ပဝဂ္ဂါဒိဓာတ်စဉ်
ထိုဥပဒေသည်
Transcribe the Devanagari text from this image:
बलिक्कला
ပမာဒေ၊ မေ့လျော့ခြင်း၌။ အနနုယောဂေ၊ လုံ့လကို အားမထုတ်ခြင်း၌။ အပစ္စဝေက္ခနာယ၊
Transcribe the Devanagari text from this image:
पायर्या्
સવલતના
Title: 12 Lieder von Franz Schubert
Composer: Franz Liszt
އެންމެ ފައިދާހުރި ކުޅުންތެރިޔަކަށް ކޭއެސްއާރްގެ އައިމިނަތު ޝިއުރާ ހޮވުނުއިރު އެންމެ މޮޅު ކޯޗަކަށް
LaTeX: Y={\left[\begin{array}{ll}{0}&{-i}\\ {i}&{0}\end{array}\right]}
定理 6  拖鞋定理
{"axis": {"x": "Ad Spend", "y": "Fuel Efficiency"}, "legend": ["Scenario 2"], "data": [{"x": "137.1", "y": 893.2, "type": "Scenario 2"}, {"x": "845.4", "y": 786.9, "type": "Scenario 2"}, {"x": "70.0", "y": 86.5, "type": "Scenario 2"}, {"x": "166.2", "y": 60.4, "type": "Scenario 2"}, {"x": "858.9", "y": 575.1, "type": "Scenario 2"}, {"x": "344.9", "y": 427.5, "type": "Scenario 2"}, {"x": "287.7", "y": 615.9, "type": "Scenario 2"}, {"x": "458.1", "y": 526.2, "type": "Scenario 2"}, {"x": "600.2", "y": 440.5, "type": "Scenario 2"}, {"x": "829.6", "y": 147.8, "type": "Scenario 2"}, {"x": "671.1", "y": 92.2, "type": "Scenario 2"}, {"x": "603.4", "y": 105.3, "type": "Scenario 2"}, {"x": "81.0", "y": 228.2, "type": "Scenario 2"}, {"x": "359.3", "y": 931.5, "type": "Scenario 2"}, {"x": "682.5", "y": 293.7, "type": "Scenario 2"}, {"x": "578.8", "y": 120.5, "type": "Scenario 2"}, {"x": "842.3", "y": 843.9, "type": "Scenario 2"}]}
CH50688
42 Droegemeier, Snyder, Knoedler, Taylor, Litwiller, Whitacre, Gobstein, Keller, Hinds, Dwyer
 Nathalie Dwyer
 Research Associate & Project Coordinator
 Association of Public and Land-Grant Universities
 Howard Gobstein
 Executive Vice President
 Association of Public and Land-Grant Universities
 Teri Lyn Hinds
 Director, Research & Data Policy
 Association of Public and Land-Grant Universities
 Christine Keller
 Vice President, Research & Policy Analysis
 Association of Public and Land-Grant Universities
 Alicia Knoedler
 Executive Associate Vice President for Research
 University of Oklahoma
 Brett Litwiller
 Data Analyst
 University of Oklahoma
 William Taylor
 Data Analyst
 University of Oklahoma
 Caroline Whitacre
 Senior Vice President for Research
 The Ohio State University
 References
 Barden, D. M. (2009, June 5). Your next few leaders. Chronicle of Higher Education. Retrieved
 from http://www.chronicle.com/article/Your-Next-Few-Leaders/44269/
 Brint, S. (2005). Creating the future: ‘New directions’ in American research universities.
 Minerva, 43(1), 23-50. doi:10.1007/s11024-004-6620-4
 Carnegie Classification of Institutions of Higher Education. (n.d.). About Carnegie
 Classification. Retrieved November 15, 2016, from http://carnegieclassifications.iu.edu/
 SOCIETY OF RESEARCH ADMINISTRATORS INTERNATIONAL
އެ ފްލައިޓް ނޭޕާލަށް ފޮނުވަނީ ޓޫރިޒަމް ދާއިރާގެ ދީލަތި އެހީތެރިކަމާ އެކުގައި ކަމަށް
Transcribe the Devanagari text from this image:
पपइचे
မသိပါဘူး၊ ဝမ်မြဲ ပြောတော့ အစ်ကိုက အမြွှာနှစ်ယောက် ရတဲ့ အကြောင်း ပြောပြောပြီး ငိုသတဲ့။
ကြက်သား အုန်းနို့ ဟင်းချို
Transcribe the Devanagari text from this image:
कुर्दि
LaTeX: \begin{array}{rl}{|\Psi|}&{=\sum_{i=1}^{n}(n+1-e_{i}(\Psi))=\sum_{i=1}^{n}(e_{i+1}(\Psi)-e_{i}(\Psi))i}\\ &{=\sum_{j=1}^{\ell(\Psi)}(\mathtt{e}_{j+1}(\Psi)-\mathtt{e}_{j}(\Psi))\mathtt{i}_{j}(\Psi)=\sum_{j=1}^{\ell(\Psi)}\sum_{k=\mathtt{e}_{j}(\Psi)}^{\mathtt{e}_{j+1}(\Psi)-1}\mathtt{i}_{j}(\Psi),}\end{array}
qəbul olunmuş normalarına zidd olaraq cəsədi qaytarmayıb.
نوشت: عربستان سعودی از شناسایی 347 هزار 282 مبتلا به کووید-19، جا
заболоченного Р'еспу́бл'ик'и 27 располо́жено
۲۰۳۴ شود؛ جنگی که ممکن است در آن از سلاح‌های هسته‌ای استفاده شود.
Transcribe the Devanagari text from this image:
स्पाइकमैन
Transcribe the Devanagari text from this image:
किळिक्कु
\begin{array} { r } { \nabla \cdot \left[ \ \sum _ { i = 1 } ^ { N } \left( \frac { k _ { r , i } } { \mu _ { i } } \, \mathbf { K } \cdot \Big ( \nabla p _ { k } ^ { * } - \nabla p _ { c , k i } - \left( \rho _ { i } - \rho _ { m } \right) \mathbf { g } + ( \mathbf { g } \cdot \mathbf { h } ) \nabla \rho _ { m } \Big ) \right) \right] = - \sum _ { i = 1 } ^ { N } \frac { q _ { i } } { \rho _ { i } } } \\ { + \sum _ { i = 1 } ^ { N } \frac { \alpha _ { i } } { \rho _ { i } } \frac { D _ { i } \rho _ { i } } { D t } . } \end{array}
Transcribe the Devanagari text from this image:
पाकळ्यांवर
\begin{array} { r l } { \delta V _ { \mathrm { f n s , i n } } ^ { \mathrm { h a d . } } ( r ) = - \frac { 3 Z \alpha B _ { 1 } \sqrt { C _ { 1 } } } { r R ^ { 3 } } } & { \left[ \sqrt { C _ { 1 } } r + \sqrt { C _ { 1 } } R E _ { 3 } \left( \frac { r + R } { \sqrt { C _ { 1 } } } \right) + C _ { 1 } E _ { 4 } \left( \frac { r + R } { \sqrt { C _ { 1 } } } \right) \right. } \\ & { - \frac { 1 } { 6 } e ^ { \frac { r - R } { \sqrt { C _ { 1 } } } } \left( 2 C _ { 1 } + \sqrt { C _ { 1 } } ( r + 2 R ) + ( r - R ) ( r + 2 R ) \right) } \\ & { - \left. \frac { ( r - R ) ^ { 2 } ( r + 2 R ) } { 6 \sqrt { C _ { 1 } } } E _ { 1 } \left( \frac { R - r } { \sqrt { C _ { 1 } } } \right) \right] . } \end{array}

====

Exercise requirements: Copy the records above exactly.

Written response:
ပဝဂ္ဂါဒိဓာတ်စဉ်
ထိုဥပဒေသည်
Transcribe the Devanagari text from this image:
बलिक्कला
ပမာဒေ၊ မေ့လျော့ခြင်း၌။ အနနုယောဂေ၊ လုံ့လကို အားမထုတ်ခြင်း၌။ အပစ္စဝေက္ခနာယ၊
Transcribe the Devanagari text from this image:
पायर्या्
સવલતના
Title: 12 Lieder von Franz Schubert
Composer: Franz Liszt
އެންމެ ފައިދާހުރި ކުޅުންތެރިޔަކަށް ކޭއެސްއާރްގެ އައިމިނަތު ޝިއުރާ ހޮވުނުއިރު އެންމެ މޮޅު ކޯޗަކަށް
LaTeX: Y={\left[\begin{array}{ll}{0}&{-i}\\ {i}&{0}\end{array}\right]}
定理 6  拖鞋定理
{"axis": {"x": "Ad Spend", "y": "Fuel Efficiency"}, "legend": ["Scenario 2"], "data": [{"x": "137.1", "y": 893.2, "type": "Scenario 2"}, {"x": "845.4", "y": 786.9, "type": "Scenario 2"}, {"x": "70.0", "y": 86.5, "type": "Scenario 2"}, {"x": "166.2", "y": 60.4, "type": "Scenario 2"}, {"x": "858.9", "y": 575.1, "type": "Scenario 2"}, {"x": "344.9", "y": 427.5, "type": "Scenario 2"}, {"x": "287.7", "y": 615.9, "type": "Scenario 2"}, {"x": "458.1", "y": 526.2, "type": "Scenario 2"}, {"x": "600.2", "y": 440.5, "type": "Scenario 2"}, {"x": "829.6", "y": 147.8, "type": "Scenario 2"}, {"x": "671.1", "y": 92.2, "type": "Scenario 2"}, {"x": "603.4", "y": 105.3, "type": "Scenario 2"}, {"x": "81.0", "y": 228.2, "type": "Scenario 2"}, {"x": "359.3", "y": 931.5, "type": "Scenario 2"}, {"x": "682.5", "y": 293.7, "type": "Scenario 2"}, {"x": "578.8", "y": 120.5, "type": "Scenario 2"}, {"x": "842.3", "y": 843.9, "type": "Scenario 2"}]}
CH50688
42 Droegemeier, Snyder, Knoedler, Taylor, Litwiller, Whitacre, Gobstein, Keller, Hinds, Dwyer
 Nathalie Dwyer
 Research Associate & Project Coordinator
 Association of Public and Land-Grant Universities
 Howard Gobstein
 Executive Vice President
 Association of Public and Land-Grant Universities
 Teri Lyn Hinds
 Director, Research & Data Policy
 Association of Public and Land-Grant Universities
 Christine Keller
 Vice President, Research & Policy Analysis
 Association of Public and Land-Grant Universities
 Alicia Knoedler
 Executive Associate Vice President for Research
 University of Oklahoma
 Brett Litwiller
 Data Analyst
 University of Oklahoma
 William Taylor
 Data Analyst
 University of Oklahoma
 Caroline Whitacre
 Senior Vice President for Research
 The Ohio State University
 References
 Barden, D. M. (2009, June 5). Your next few leaders. Chronicle of Higher Education. Retrieved
 from http://www.chronicle.com/article/Your-Next-Few-Leaders/44269/
 Brint, S. (2005). Creating the future: ‘New directions’ in American research universities.
 Minerva, 43(1), 23-50. doi:10.1007/s11024-004-6620-4
 Carnegie Classification of Institutions of Higher Education. (n.d.). About Carnegie
 Classification. Retrieved November 15, 2016, from http://carnegieclassifications.iu.edu/
 SOCIETY OF RESEARCH ADMINISTRATORS INTERNATIONAL
އެ ފްލައިޓް ނޭޕާލަށް ފޮނުވަނީ ޓޫރިޒަމް ދާއިރާގެ ދީލަތި އެހީތެރިކަމާ އެކުގައި ކަމަށް
Transcribe the Devanagari text from this image:
पपइचे
မသိပါဘူး၊ ဝမ်မြဲ ပြောတော့ အစ်ကိုက အမြွှာနှစ်ယောက် ရတဲ့ အကြောင်း ပြောပြောပြီး ငိုသတဲ့။
ကြက်သား အုန်းနို့ ဟင်းချို
Transcribe the Devanagari text from this image:
कुर्दि
LaTeX: \begin{array}{rl}{|\Psi|}&{=\sum_{i=1}^{n}(n+1-e_{i}(\Psi))=\sum_{i=1}^{n}(e_{i+1}(\Psi)-e_{i}(\Psi))i}\\ &{=\sum_{j=1}^{\ell(\Psi)}(\mathtt{e}_{j+1}(\Psi)-\mathtt{e}_{j}(\Psi))\mathtt{i}_{j}(\Psi)=\sum_{j=1}^{\ell(\Psi)}\sum_{k=\mathtt{e}_{j}(\Psi)}^{\mathtt{e}_{j+1}(\Psi)-1}\mathtt{i}_{j}(\Psi),}\end{array}
qəbul olunmuş normalarına zidd olaraq cəsədi qaytarmayıb.
نوشت: عربستان سعودی از شناسایی 347 هزار 282 مبتلا به کووید-19، جا
заболоченного Р'еспу́бл'ик'и 27 располо́жено
۲۰۳۴ شود؛ جنگی که ممکن است در آن از سلاح‌های هسته‌ای استفاده شود.
Transcribe the Devanagari text from this image:
स्पाइकमैन
Transcribe the Devanagari text from this image:
किळिक्कु
\begin{array} { r } { \nabla \cdot \left[ \ \sum _ { i = 1 } ^ { N } \left( \frac { k _ { r , i } } { \mu _ { i } } \, \mathbf { K } \cdot \Big ( \nabla p _ { k } ^ { * } - \nabla p _ { c , k i } - \left( \rho _ { i } - \rho _ { m } \right) \mathbf { g } + ( \mathbf { g } \cdot \mathbf { h } ) \nabla \rho _ { m } \Big ) \right) \right] = - \sum _ { i = 1 } ^ { N } \frac { q _ { i } } { \rho _ { i } } } \\ { + \sum _ { i = 1 } ^ { N } \frac { \alpha _ { i } } { \rho _ { i } } \frac { D _ { i } \rho _ { i } } { D t } . } \end{array}
Transcribe the Devanagari text from this image:
पाकळ्यांवर
\begin{array} { r l } { \delta V _ { \mathrm { f n s , i n } } ^ { \mathrm { h a d . } } ( r ) = - \frac { 3 Z \alpha B _ { 1 } \sqrt { C _ { 1 } } } { r R ^ { 3 } } } & { \left[ \sqrt { C _ { 1 } } r + \sqrt { C _ { 1 } } R E _ { 3 } \left( \frac { r + R } { \sqrt { C _ { 1 } } } \right) + C _ { 1 } E _ { 4 } \left( \frac { r + R } { \sqrt { C _ { 1 } } } \right) \right. } \\ & { - \frac { 1 } { 6 } e ^ { \frac { r - R } { \sqrt { C _ { 1 } } } } \left( 2 C _ { 1 } + \sqrt { C _ { 1 } } ( r + 2 R ) + ( r - R ) ( r + 2 R ) \right) } \\ & { - \left. \frac { ( r - R ) ^ { 2 } ( r + 2 R ) } { 6 \sqrt { C _ { 1 } } } E _ { 1 } \left( \frac { R - r } { \sqrt { C _ { 1 } } } \right) \right] . } \end{array}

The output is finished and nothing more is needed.